For cells with more reads, you could tell doublets (yellow) from singlets (blue), but for shallower cells, it became hard to tell (grey), and even if the cells were guaranteed singlets, the guide to which they should be assigned is uncertain. This type of uncertainty can be accounted for downstream, for example by MIMOSCA, which we use in the paper.
Complexity of a single-cell readout
Another new experience in this screen was the diversity of effects that might be expected. Perturbations could block differentiation or re-route the cells towards another fate, and that is what we were on the lookout for. But, they could also cause cells to proliferate, or they could be toxic or suppress proliferation. If you’re designing a study, take these possibilities into account, because they can really affect the number of cells sequenced and so also the statistical power.
One of the coolest effects we saw is that toxic guides correlated with decreased expression of the Cas9 protein we used.

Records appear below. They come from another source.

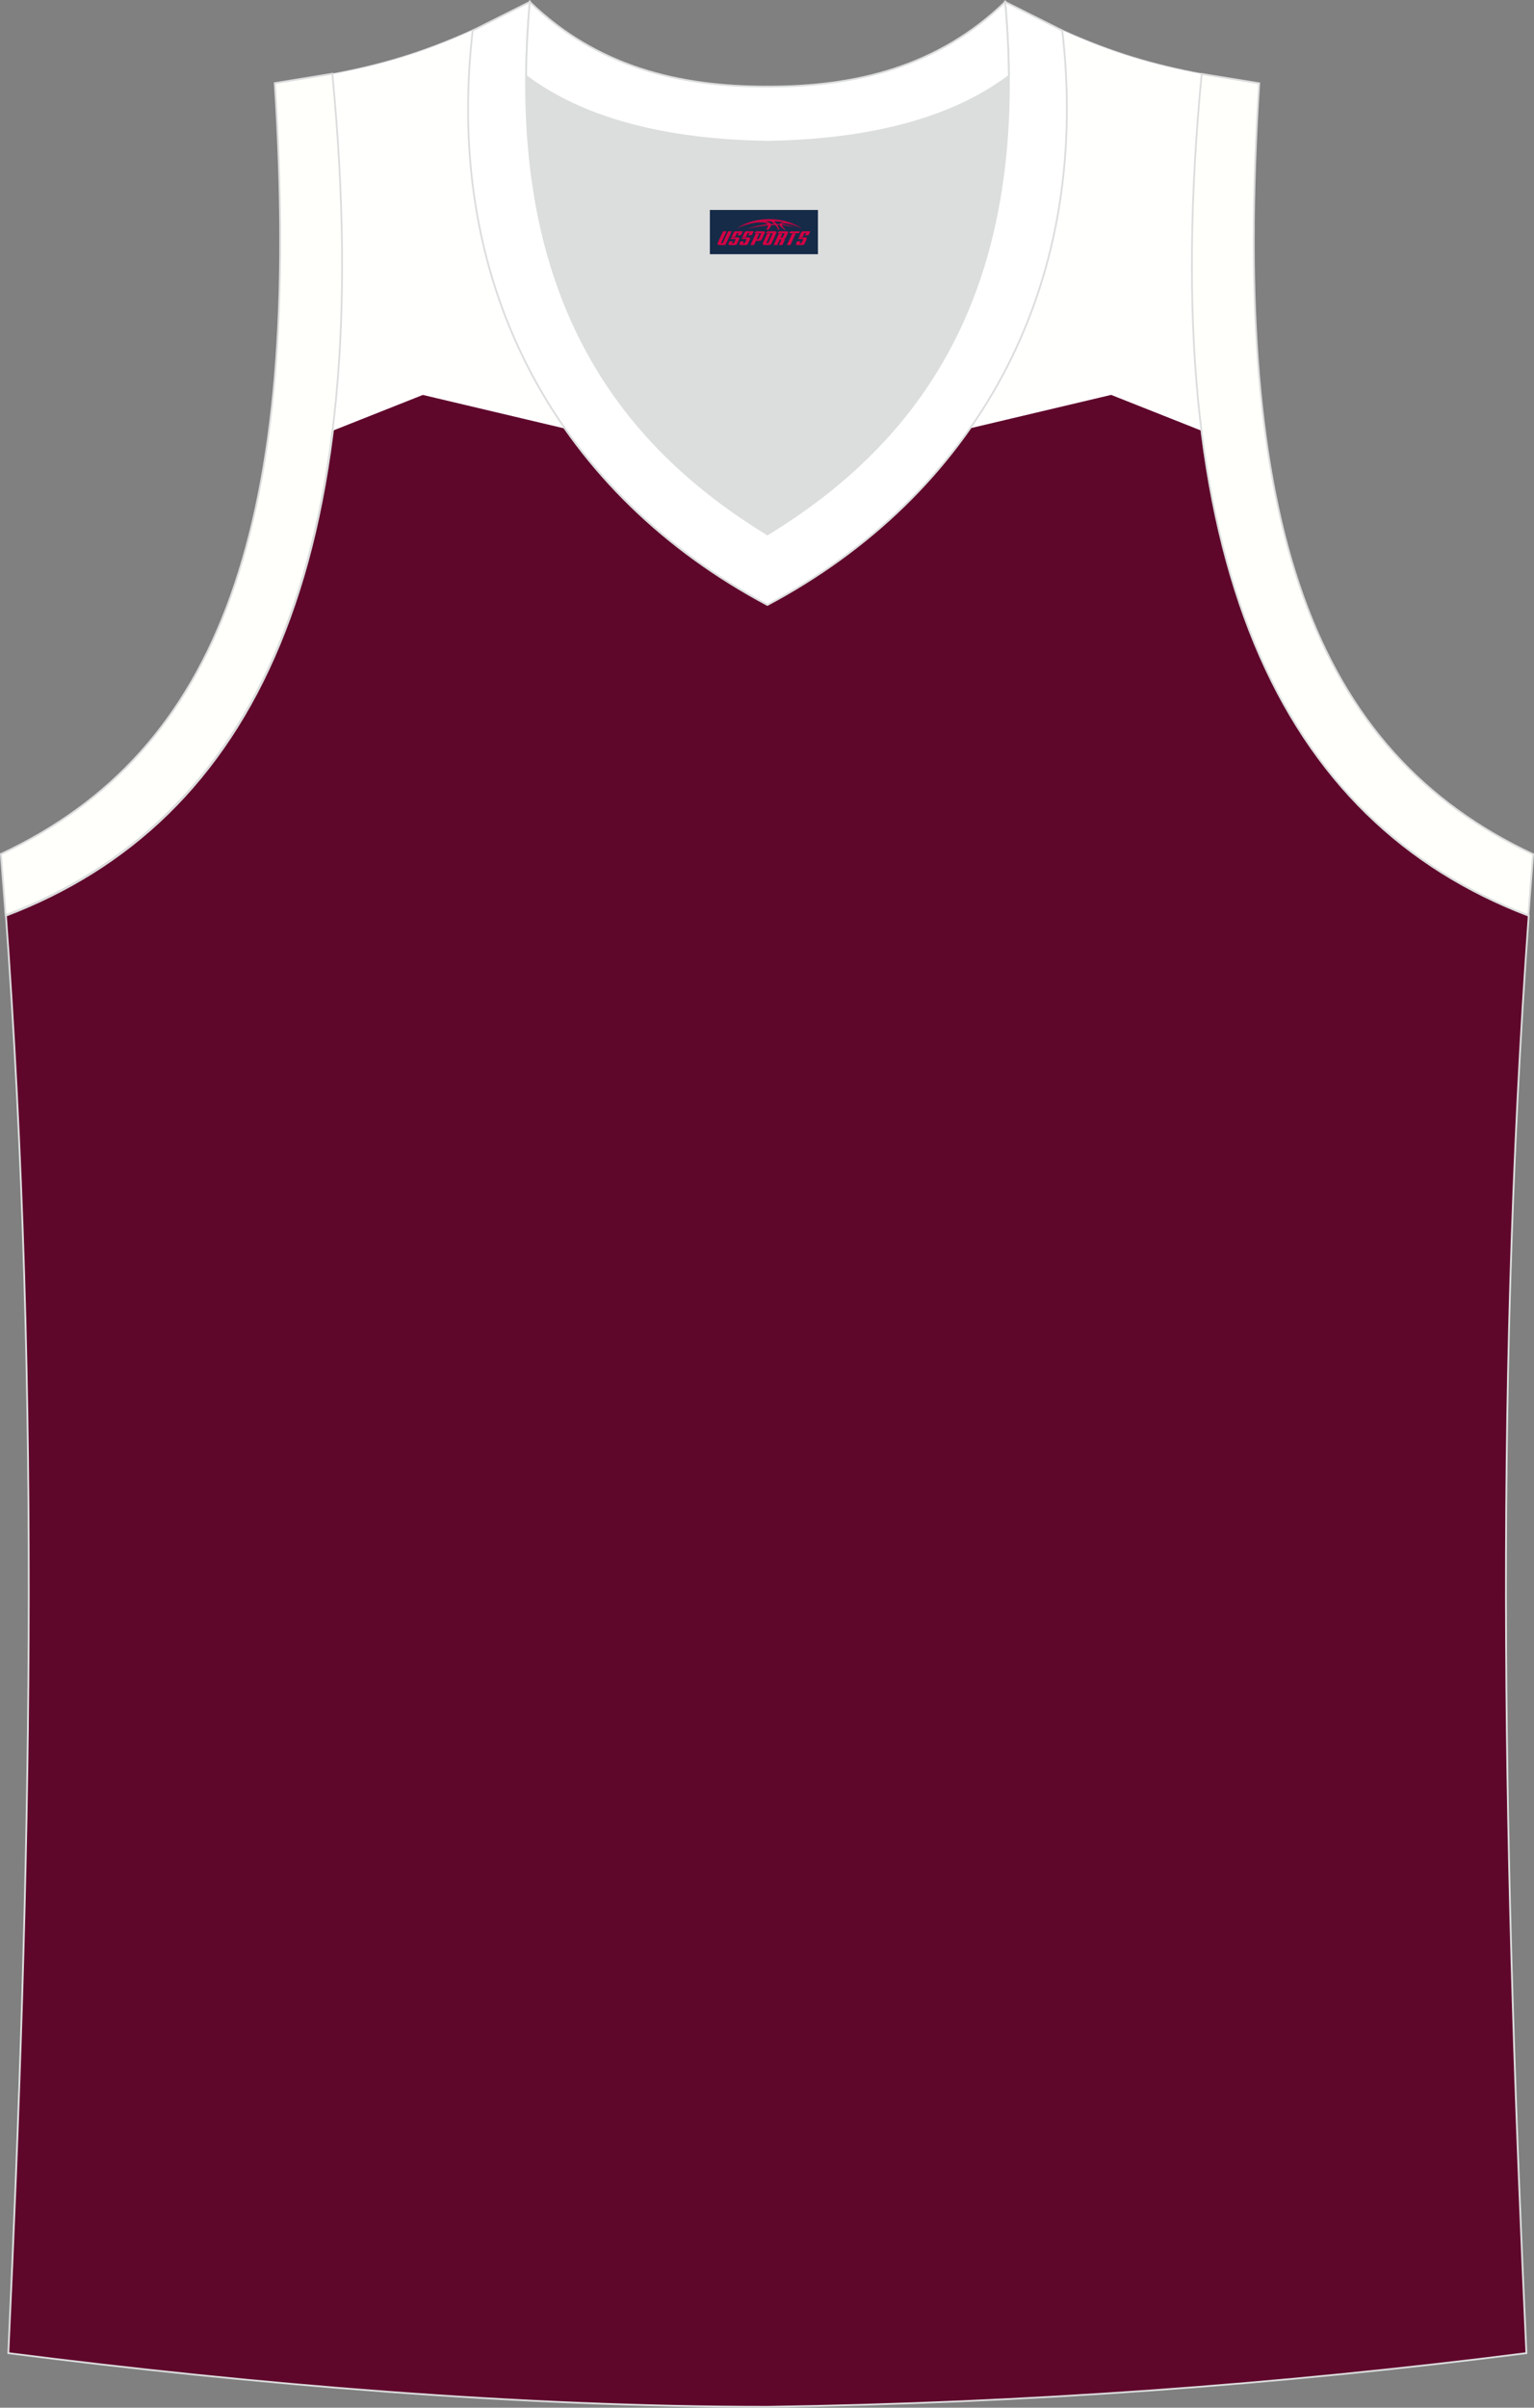 <?xml version="1.0" encoding="utf-8"?>
<!-- Generator: Adobe Illustrator 22.0.0, SVG Export Plug-In . SVG Version: 6.00 Build 0)  -->
<svg xmlns="http://www.w3.org/2000/svg" xmlns:xlink="http://www.w3.org/1999/xlink" version="1.1" id="图层_1" x="0px" y="0px" width="340.57px" height="534.36px" viewBox="0 0 340.57 534.36" enable-background="new 0 0 340.57 534.36" xml:space="preserve">
<rect x="0" y="0" width="340.57" height="534.36" fill="#808080" stroke="none"/>
<g>
	<path fill="#5F072B" stroke="#DCDDDD" stroke-width="0.4" stroke-miterlimit="22.926" d="M170.34,534.16c0.02,0,0.03,0,0.05,0   H170.34L170.34,534.16L170.34,534.16z M170.39,534.16c57.65-0.83,113.48-4.91,168.49-11.91c-4.81-104.47-7.38-209.78,0.52-319.02   l-0.01,0c-54.79-20.88-83.05-77.61-72.53-186.74l0.02,0c-10.7-2.01-19.83-4.64-31.07-9.71c6.73,58.28-20.29,103.43-65.45,127.46   C125.2,110.21,98.18,65.06,104.91,6.78c-11.24,5.07-20.37,7.7-31.07,9.71l0.02,0C84.38,125.61,56.12,182.35,1.33,203.22l-0.16-2.08   c8.09,109.98,5.52,215.97,0.68,321.11C56.41,529.2,115.42,534.16,170.39,534.16z"/>
	<g>
		<path fill="#FFFFFE" d="M215.35,95.06l31.34-7.42l20.13,7.98c-2.8-22.58-2.87-48.84,0.05-79.14l0.02,0    c-10.7-2.01-19.83-4.64-31.07-9.71C239.81,41.4,231.9,71.39,215.35,95.06z"/>
		<path fill="#FFFFFE" d="M125.4,95.11l-31.52-7.46l-19.97,7.92c2.79-22.56,2.86-48.8-0.06-79.08l-0.02,0    c10.7-2.01,19.83-4.64,31.07-9.71C100.91,41.42,108.83,71.42,125.4,95.11z"/>
	</g>
	<path fill="#DCDDDD" d="M170.39,31.46c26.58-0.42,43.12-6.73,53.54-14.56c0.02-0.06,0.03-0.12,0.05-0.17   c0.48,51.91-21.22,82.11-53.59,101.88c-32.37-19.76-54.07-49.97-53.59-101.88c0.02,0.06,0.03,0.12,0.05,0.17   C127.27,24.73,143.82,31.04,170.39,31.46z"/>
	<path fill="#FFFFFB" stroke="#DCDDDD" stroke-width="0.4" stroke-miterlimit="22.926" d="M1.25,203.11   C56.04,182.24,84.3,125.5,73.78,16.37l-12.77,2.08c6.33,98.14-12.07,148.24-60.81,171.1L1.25,203.11z"/>
	<path fill="#FFFFFF" stroke="#DCDDDD" stroke-width="0.4" stroke-miterlimit="22.926" d="M117.62,0.43   c-5.55,62.03,17.15,96.41,52.77,118.16c35.62-21.75,58.32-56.13,52.77-118.16l12.68,6.34c6.73,58.28-20.29,103.43-65.45,127.46   c-45.16-24.02-72.18-69.18-65.45-127.46L117.62,0.43z"/>
	<path fill="#FFFFFB" stroke="#DCDDDD" stroke-width="0.4" stroke-miterlimit="22.926" d="M339.32,203.15   c-54.79-20.88-83.05-77.61-72.53-186.74l12.77,2.08c-6.33,98.14,12.07,148.24,60.81,171.1L339.32,203.15z"/>
	<path fill="#FFFFFF" stroke="#DCDDDD" stroke-width="0.4" stroke-miterlimit="22.926" d="M117.62,0.43   c14.89,14.36,33.08,18.84,52.77,18.79c19.69,0.05,37.88-4.42,52.77-18.79c0.51,5.65,0.77,11.07,0.82,16.27   c-0.02,0.06-0.04,0.13-0.05,0.19c-10.42,7.83-26.96,14.14-53.54,14.57c-26.58-0.42-43.12-6.73-53.54-14.56   c-0.02-0.06-0.04-0.13-0.05-0.19C116.85,11.5,117.12,6.08,117.62,0.43z"/>
	
</g>
<g id="tag_logo">
	<rect y="46.6" fill="#162B48" width="24" height="9.818" x="157.6"/>
	<g>
		<path fill="#D30044" d="M173.56,49.79l0.005-0.011c0.131-0.311,1.085-0.262,2.351,0.071c0.715,0.24,1.44,0.54,2.193,0.9    c-0.218-0.147-0.447-0.289-0.682-0.42l0.011,0.005l-0.011-0.005c-1.478-0.845-3.218-1.418-5.1-1.62    c-1.282-0.115-1.658-0.082-2.411-0.055c-2.449,0.142-4.68,0.905-6.458,2.095c1.26-0.638,2.722-1.075,4.195-1.336    c1.467-0.18,2.476-0.033,2.771,0.344c-1.691,0.175-3.469,0.633-4.555,1.075c1.156-0.338,2.967-0.665,4.647-0.813    c0.016,0.251-0.115,0.567-0.415,0.96h0.475c0.376-0.382,0.584-0.725,0.595-1.004c0.333-0.022,0.66-0.033,0.971-0.033    C172.39,50.23,172.6,50.58,172.8,50.97h0.262c-0.125-0.344-0.295-0.687-0.518-1.036c0.207,0,0.393,0.005,0.567,0.011    c0.104,0.267,0.496,0.66,1.058,1.025h0.245c-0.442-0.365-0.753-0.753-0.835-1.004c1.047,0.065,1.696,0.224,2.885,0.513    C175.38,50.05,174.64,49.88,173.56,49.79z M171.12,49.7c-0.164-0.295-0.655-0.485-1.402-0.551    c0.464-0.033,0.922-0.055,1.364-0.055c0.311,0.147,0.589,0.344,0.84,0.589C171.66,49.68,171.39,49.69,171.12,49.7z M173.1,49.75c-0.224-0.016-0.458-0.027-0.715-0.044c-0.147-0.202-0.311-0.398-0.502-0.6c0.082,0,0.164,0.005,0.24,0.011    c0.72,0.033,1.429,0.125,2.138,0.273C173.59,49.35,173.21,49.51,173.1,49.75z"/>
		<path fill="#D30044" d="M160.52,51.33L159.35,53.88C159.17,54.25,159.44,54.39,159.92,54.39l0.873,0.005    c0.115,0,0.251-0.049,0.327-0.175l1.342-2.891H161.68L160.46,53.96H160.29c-0.147,0-0.185-0.033-0.147-0.125l1.156-2.504H160.52L160.52,51.33z M162.38,52.68h1.271c0.36,0,0.584,0.125,0.442,0.425L163.62,54.14C163.52,54.36,163.25,54.39,163.02,54.39H162.1c-0.267,0-0.442-0.136-0.349-0.333l0.235-0.513h0.742L162.55,53.92C162.53,53.97,162.57,53.98,162.63,53.98h0.18    c0.082,0,0.125-0.016,0.147-0.071l0.376-0.813c0.011-0.022,0.011-0.044-0.055-0.044H162.21L162.38,52.68L162.38,52.68z M163.2,52.61h-0.78l0.475-1.025c0.098-0.218,0.338-0.256,0.578-0.256H164.92L164.53,52.17L163.75,52.29l0.262-0.562H163.72c-0.082,0-0.12,0.016-0.147,0.071L163.2,52.61L163.2,52.61z M164.79,52.68L164.62,53.05h1.069c0.06,0,0.06,0.016,0.049,0.044    L165.36,53.91C165.34,53.96,165.3,53.98,165.22,53.98H165.04c-0.055,0-0.104-0.011-0.082-0.06l0.175-0.376H164.39L164.16,54.06C164.06,54.25,164.24,54.39,164.51,54.39h0.916c0.24,0,0.502-0.033,0.605-0.251l0.475-1.031c0.142-0.3-0.082-0.425-0.442-0.425H164.79L164.79,52.68z M165.6,52.61l0.371-0.818c0.022-0.055,0.06-0.071,0.147-0.071h0.295L166.15,52.28l0.791-0.115l0.387-0.845H165.88c-0.24,0-0.48,0.038-0.578,0.256L164.83,52.61L165.6,52.61L165.6,52.61z M168,53.07h0.278c0.087,0,0.153-0.022,0.202-0.115    l0.496-1.075c0.033-0.076-0.011-0.12-0.125-0.12H167.45l0.431-0.431h1.522c0.355,0,0.485,0.153,0.393,0.355l-0.676,1.445    c-0.06,0.125-0.175,0.333-0.644,0.327l-0.649-0.005L167.39,54.39H166.61l1.178-2.558h0.785L168,53.07L168,53.07z     M170.59,53.88c-0.022,0.049-0.06,0.076-0.142,0.076h-0.191c-0.082,0-0.109-0.027-0.082-0.076l0.944-2.051h-0.785l-0.987,2.138    c-0.125,0.273,0.115,0.415,0.453,0.415h0.72c0.327,0,0.649-0.071,0.769-0.322l1.085-2.384c0.093-0.202-0.06-0.355-0.415-0.355    h-1.533l-0.431,0.431h1.38c0.115,0,0.164,0.033,0.131,0.104L170.59,53.88L170.59,53.88z M173.31,52.75h0.278    c0.087,0,0.158-0.022,0.202-0.115l0.344-0.753c0.033-0.076-0.011-0.12-0.125-0.12h-1.402l0.425-0.431h1.527    c0.355,0,0.485,0.153,0.393,0.355l-0.529,1.124c-0.044,0.093-0.147,0.18-0.393,0.18c0.224,0.011,0.256,0.158,0.175,0.327    l-0.496,1.075h-0.785l0.54-1.167c0.022-0.055-0.005-0.087-0.104-0.087h-0.235L172.54,54.39h-0.785l1.178-2.558h0.785L173.31,52.75L173.31,52.75z M175.88,51.84L174.7,54.39h0.785l1.184-2.558H175.88L175.88,51.84z M177.39,51.77l0.202-0.431h-2.1l-0.295,0.431    H177.39L177.39,51.77z M177.37,52.68h1.271c0.36,0,0.584,0.125,0.442,0.425l-0.475,1.031c-0.104,0.218-0.371,0.251-0.605,0.251    h-0.916c-0.267,0-0.442-0.136-0.349-0.333l0.235-0.513h0.742L177.54,53.92c-0.022,0.049,0.022,0.06,0.082,0.06h0.18    c0.082,0,0.125-0.016,0.147-0.071l0.376-0.813c0.011-0.022,0.011-0.044-0.049-0.044h-1.069L177.37,52.68L177.37,52.68z     M178.18,52.61H177.4l0.475-1.025c0.098-0.218,0.338-0.256,0.578-0.256h1.451l-0.387,0.845l-0.791,0.115l0.262-0.562h-0.295    c-0.082,0-0.12,0.016-0.147,0.071L178.18,52.61z"/>
	</g>
</g>
</svg>

This is probably not because they directly regulate the Cas9, which sits inside an artificial construct controlled by the experimenter. Rather, the correlation is due to selection bias. The Cas9 is spontaneously silenced in some cells, and because the guides have no effect without the Cas9, those cells can survive even with a toxic guide present.
Reproducibility, reproducilibity, reproducibitily, reprodicubility
This was my second major project in the lab. I managed to keep the code very nicely organized, so that I could re-run and re-purpose scripts later on without too much trouble. This came in handy when we realized that part of our pipeline had thrown away about 1/3 of the reads! This resulted in an extended hassle, since we had lots of single cell data with similar problems. Due to the solid organization of this particular project, though, we managed to redo most of the figures very quickly. You can find the code on Github.
Biological lessons learned
It is a little discouraging that we didn’t find any really surprising results here. It seems older methods did a very effective job at laying out the molecular players in endoderm differentiation – good for them! Our approach still had the advantage of being systematic and unbiased, but we might have had more impact by applying it to systems that are less well studied.